Canberra Distances and Stability Indicator of Ranked Lists

Canberra distance

mlpy.canberra(x, y)

Returns the Canberra distance between two P-vectors x and y: sum_i(abs(x_i - y_i) / (abs(x_i) + abs(y_i))).

Canberra Distance with Location Parameter

See [Jurman08].

mlpy.canberra_location(x, y, k=None)

Returns the Canberra distance between two position lists, x and y. A position list of length P contains the position (from 0 to P-1) of P elements. k is the location parameter, if k=None will be set to P.

The function computes:

\sum_i{\frac{|\min\{x_i+1, k+1\} - \min\{y_i+1, k+1\}|}
   {\min\{x_i+1, k+1\} + \min\{y_i+1, k+1\}}}

mlpy.canberra_location_expected(p, k=None)

Returns the expected value of the Canberra location distance, where p is the number of elements and k is the number of positions to consider.

Canberra Stability Indicator

See [Jurman08].

mlpy.canberra_stability(x, k=None)

Returns the Canberra stability indicator between N position lists, where x is an (N, P) matrix. A position list of length P contains the position (from 0 to P-1) of P elements. k is the location parameter, if k=None will be set to P. The lower the indicator value, the higher the stability of the lists.

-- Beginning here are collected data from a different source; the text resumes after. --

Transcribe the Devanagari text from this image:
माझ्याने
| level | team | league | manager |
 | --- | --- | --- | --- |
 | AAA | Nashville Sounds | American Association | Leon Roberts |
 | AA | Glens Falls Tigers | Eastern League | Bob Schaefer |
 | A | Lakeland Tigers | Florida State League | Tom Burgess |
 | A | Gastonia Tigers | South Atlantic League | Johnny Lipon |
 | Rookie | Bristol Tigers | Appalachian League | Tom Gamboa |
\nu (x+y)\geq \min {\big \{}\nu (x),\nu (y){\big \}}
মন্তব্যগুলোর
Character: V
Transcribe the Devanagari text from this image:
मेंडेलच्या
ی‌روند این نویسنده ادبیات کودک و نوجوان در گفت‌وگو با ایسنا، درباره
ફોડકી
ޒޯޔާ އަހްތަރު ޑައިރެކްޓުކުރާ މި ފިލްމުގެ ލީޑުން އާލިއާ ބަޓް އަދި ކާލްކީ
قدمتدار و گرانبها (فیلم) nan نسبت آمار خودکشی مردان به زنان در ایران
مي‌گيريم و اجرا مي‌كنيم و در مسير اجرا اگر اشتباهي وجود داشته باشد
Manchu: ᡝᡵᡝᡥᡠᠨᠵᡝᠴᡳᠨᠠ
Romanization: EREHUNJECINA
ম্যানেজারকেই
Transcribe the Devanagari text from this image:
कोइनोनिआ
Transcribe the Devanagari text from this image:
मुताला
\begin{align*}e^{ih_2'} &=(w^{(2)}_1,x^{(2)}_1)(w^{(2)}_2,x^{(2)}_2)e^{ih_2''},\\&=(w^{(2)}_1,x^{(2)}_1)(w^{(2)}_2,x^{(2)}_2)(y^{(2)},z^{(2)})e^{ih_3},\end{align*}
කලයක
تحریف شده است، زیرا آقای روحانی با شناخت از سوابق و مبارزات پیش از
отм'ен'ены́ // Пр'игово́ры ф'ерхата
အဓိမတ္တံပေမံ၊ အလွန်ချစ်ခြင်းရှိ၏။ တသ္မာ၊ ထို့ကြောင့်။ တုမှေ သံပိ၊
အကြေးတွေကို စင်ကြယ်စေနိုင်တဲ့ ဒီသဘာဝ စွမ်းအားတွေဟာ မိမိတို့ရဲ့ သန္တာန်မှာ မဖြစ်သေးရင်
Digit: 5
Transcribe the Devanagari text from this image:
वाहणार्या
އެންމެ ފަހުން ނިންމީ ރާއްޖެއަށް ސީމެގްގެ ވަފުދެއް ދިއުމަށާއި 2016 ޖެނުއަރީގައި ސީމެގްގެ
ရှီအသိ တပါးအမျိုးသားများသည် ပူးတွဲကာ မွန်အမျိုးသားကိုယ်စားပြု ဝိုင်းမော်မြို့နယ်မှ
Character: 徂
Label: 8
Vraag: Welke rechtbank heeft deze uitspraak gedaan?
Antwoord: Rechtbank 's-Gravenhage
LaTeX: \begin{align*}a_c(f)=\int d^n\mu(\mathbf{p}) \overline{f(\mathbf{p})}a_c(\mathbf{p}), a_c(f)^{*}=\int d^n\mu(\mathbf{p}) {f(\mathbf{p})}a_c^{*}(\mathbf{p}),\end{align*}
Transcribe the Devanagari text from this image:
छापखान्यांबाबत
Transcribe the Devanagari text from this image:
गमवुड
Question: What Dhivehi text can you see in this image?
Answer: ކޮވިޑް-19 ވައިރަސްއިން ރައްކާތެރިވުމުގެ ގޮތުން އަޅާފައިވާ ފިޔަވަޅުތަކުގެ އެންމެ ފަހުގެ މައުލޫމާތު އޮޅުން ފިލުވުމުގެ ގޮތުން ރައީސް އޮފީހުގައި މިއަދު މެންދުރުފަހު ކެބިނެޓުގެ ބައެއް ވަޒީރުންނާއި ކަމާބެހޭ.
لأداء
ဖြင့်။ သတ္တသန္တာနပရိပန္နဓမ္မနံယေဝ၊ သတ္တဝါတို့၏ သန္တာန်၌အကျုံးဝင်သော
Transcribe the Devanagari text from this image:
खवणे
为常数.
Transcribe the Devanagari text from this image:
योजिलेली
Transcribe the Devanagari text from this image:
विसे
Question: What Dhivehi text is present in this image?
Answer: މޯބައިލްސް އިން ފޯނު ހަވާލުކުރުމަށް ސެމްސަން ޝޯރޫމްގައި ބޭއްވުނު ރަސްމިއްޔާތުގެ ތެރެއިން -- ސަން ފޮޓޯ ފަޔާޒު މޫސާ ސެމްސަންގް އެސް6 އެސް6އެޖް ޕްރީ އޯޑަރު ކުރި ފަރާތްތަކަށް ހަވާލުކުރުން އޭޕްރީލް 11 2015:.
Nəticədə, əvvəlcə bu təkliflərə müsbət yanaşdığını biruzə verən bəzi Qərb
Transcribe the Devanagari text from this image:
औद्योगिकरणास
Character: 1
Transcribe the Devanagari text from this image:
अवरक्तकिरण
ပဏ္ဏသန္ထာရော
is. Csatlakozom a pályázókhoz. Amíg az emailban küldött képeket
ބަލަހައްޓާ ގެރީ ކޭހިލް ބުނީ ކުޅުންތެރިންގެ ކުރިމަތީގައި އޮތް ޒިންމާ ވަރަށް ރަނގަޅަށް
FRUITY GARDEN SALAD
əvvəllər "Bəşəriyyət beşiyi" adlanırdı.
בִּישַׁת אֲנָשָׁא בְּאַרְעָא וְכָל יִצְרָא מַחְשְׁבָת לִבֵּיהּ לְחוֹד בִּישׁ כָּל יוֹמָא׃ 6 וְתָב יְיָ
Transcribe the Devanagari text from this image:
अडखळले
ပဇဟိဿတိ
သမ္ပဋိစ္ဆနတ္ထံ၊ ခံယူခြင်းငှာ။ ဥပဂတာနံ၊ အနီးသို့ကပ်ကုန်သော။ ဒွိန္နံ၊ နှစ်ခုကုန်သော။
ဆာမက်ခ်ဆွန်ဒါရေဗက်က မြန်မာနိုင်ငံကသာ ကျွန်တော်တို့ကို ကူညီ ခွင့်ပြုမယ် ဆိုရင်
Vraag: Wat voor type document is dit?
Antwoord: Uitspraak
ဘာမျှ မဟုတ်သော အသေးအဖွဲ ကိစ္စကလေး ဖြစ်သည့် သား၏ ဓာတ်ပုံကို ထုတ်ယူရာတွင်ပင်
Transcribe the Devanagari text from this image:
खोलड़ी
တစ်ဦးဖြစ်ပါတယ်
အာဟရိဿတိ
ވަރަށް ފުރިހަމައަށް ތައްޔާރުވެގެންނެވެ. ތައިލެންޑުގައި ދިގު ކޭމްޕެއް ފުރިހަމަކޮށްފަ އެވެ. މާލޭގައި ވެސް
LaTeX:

The stability is computed by the mean distance of all the (N(N-1))/2 non trivial values of the distance matrix (computed by canberra_location()) scaled by the expected (average) value of the Canberra metric.

Example:

>>> import numpy as np
>>> import mlpy
>>> x = np.array([[2,4,1,3,0], [3,4,1,2,0], [2,4,3,0,1]])  # 3 position lists
>>> mlpy.canberra_stability(x, 3) # stability indicator
0.74862979571499755
[Jurman08](1, 2) Jurman, Riccadonna, Visintainer and Furlanello. lgebraic stability indicators for ranked lists in molecular profiling. Bioinformatics Vol. 24 no. 2 2008, pages 258–264.